Posted By admin On September 17, 2009 @ 8:59 am In Current Events | 2 Comments

What do Patrick Swayze, Ted Kennedy and Michael Jackson have in common?

That’s right, they are all dead.

By framing the question as such, I don’t mean for it to be a joke. The truth is people die. Even famous people die. We can keep reminding ourselves, as one TV commentator did, if needed: Patrick Swayze, Ted Kennedy and Michael Jackson are all dead. It sounds harsh, but it’s true.
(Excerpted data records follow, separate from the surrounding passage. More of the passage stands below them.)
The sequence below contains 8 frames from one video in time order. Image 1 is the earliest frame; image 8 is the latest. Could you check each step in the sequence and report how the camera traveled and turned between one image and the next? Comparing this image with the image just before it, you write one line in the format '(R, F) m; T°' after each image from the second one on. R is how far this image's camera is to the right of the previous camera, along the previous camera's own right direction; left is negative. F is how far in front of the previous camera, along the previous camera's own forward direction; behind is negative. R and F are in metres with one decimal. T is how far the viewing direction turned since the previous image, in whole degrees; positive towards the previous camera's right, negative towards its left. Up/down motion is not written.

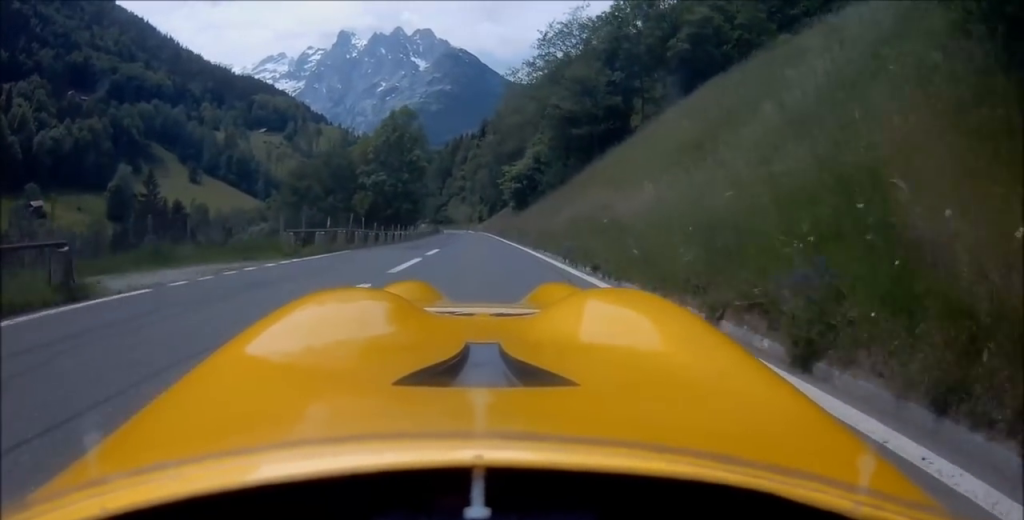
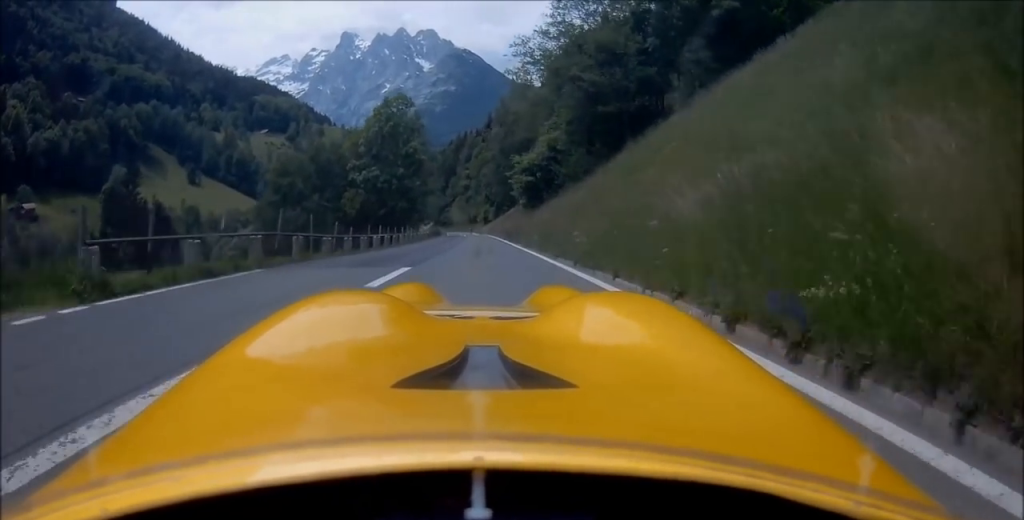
(+0.1, +8.5) m; 0°
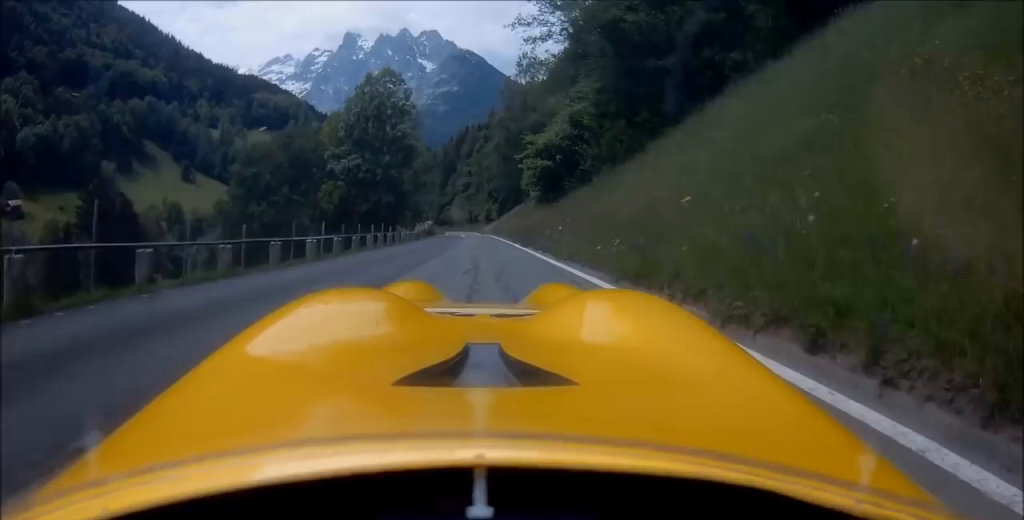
(-0.2, +10.8) m; 0°
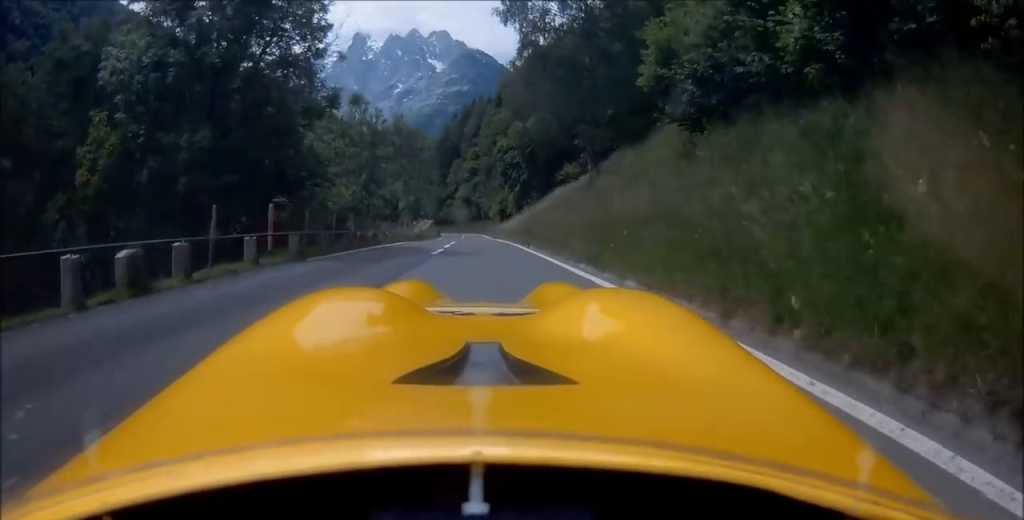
(-0.5, +37.7) m; -1°
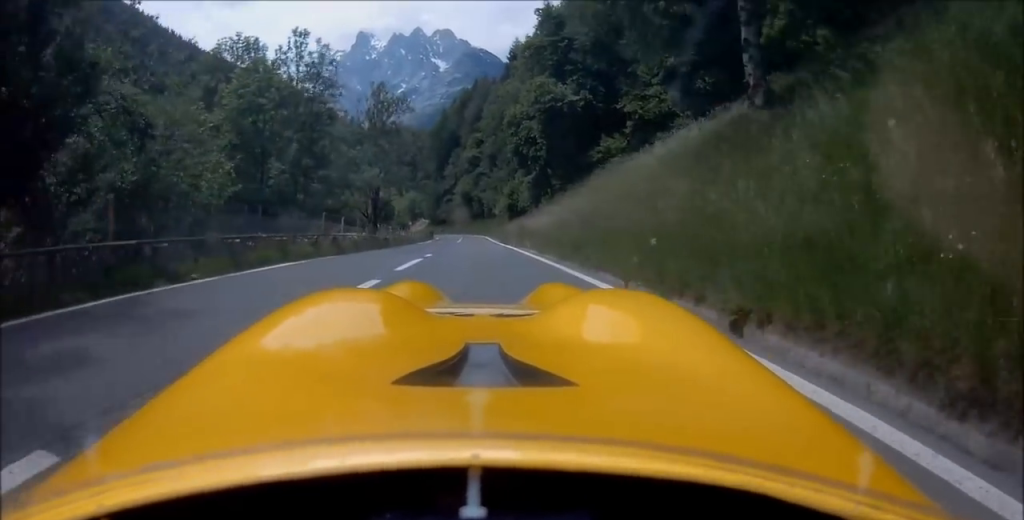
(0.0, +19.0) m; 0°
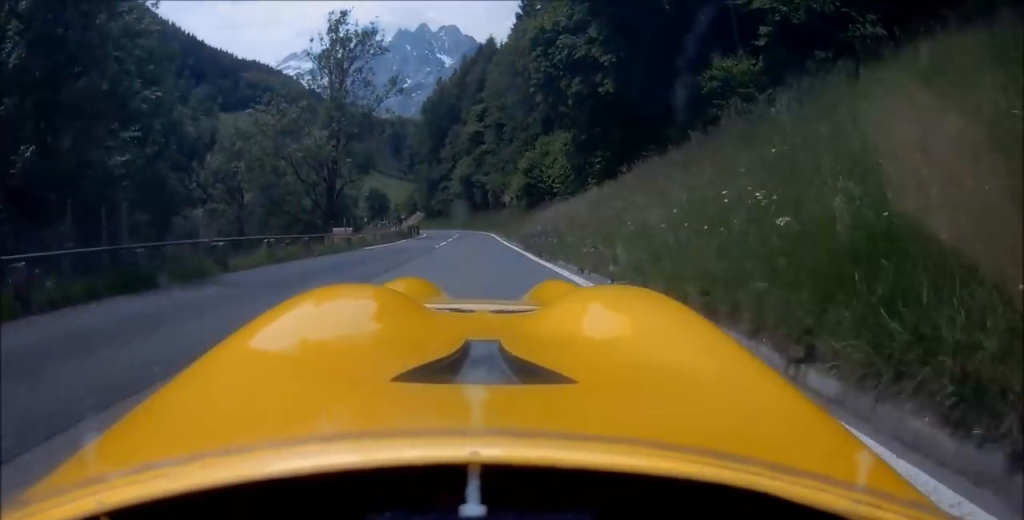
(+0.1, +21.2) m; -1°
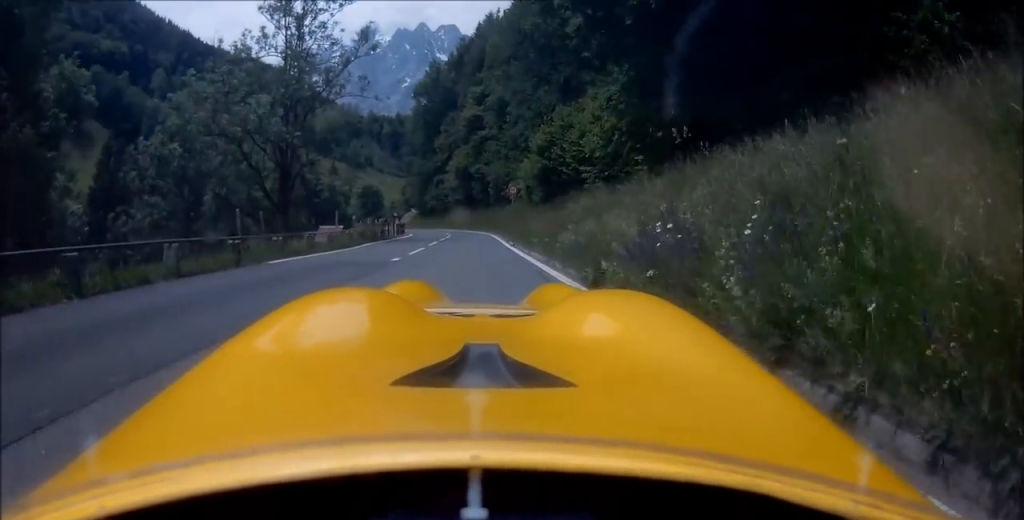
(-0.2, +10.9) m; -1°
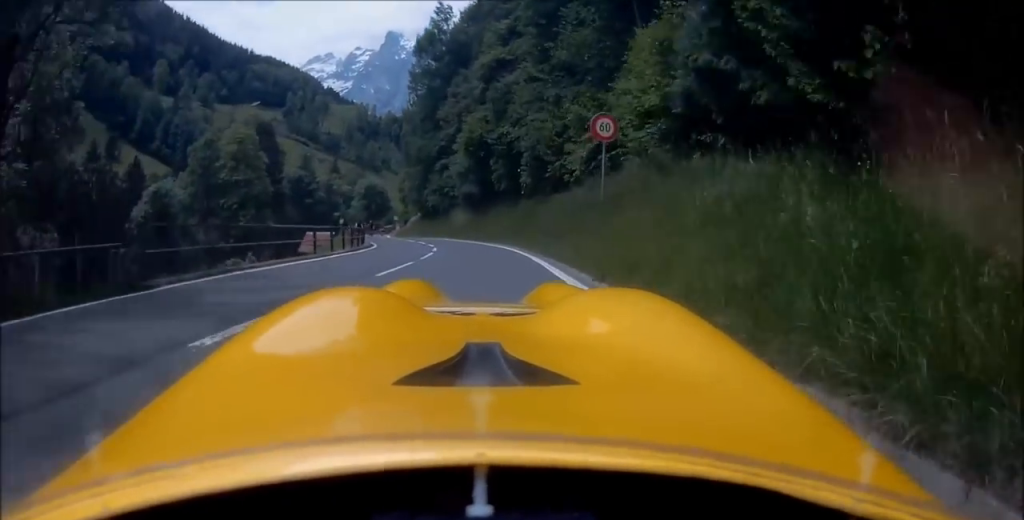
(-0.5, +25.7) m; -2°

We could add many more names to the list of recently deceased people. We could talk about Evelyn Culbertson-Shetley of Parsons, KS who died at 87 on September 9, 2009. She taught Sunday school and served as treasurer of a Baptist church. We could talk about Frances Harnish of Easton, KS who died at 91 on September 10. Or, we could talk about Ruth Howe of Manhattan, KS who died at 101 on September 12. We could talk, talk, talk, but our minds would probably wander to something deemed more important: the health care debate, facebook status updates or what’s for lunch.

Mention a few celebrities, on the other hand, and we start to think.

Patrick Swayze. Ted Kennedy. Michael Jackson. They died at 57, 77 and 50, respectively. That’s much younger than Evelyn Culbertson-Shetley, Frances Harnish and Ruth Howe. These ladies lived an average of thirty plus years longer than the celebrities.

I want to know why some people live long lives and some don’t.

Maybe it has something to do with gender. The Kansas ladies were female. The male celebrities were male. Yeah, on average women live longer than men, but not 30 years longer.

Maybe it has something to do with geography, or the quality of life offered by a certain region. I suppose Kansas could yield longer lives than California, Massachusetts or Washington, DC.

Maybe longevity, or lack thereof, has something to do with money. While I don’t know anything about the Kansas ladies’ financial statements, I imagine the celebrities had larger numbers on their balance sheets – even if heavily weighted under liabilities.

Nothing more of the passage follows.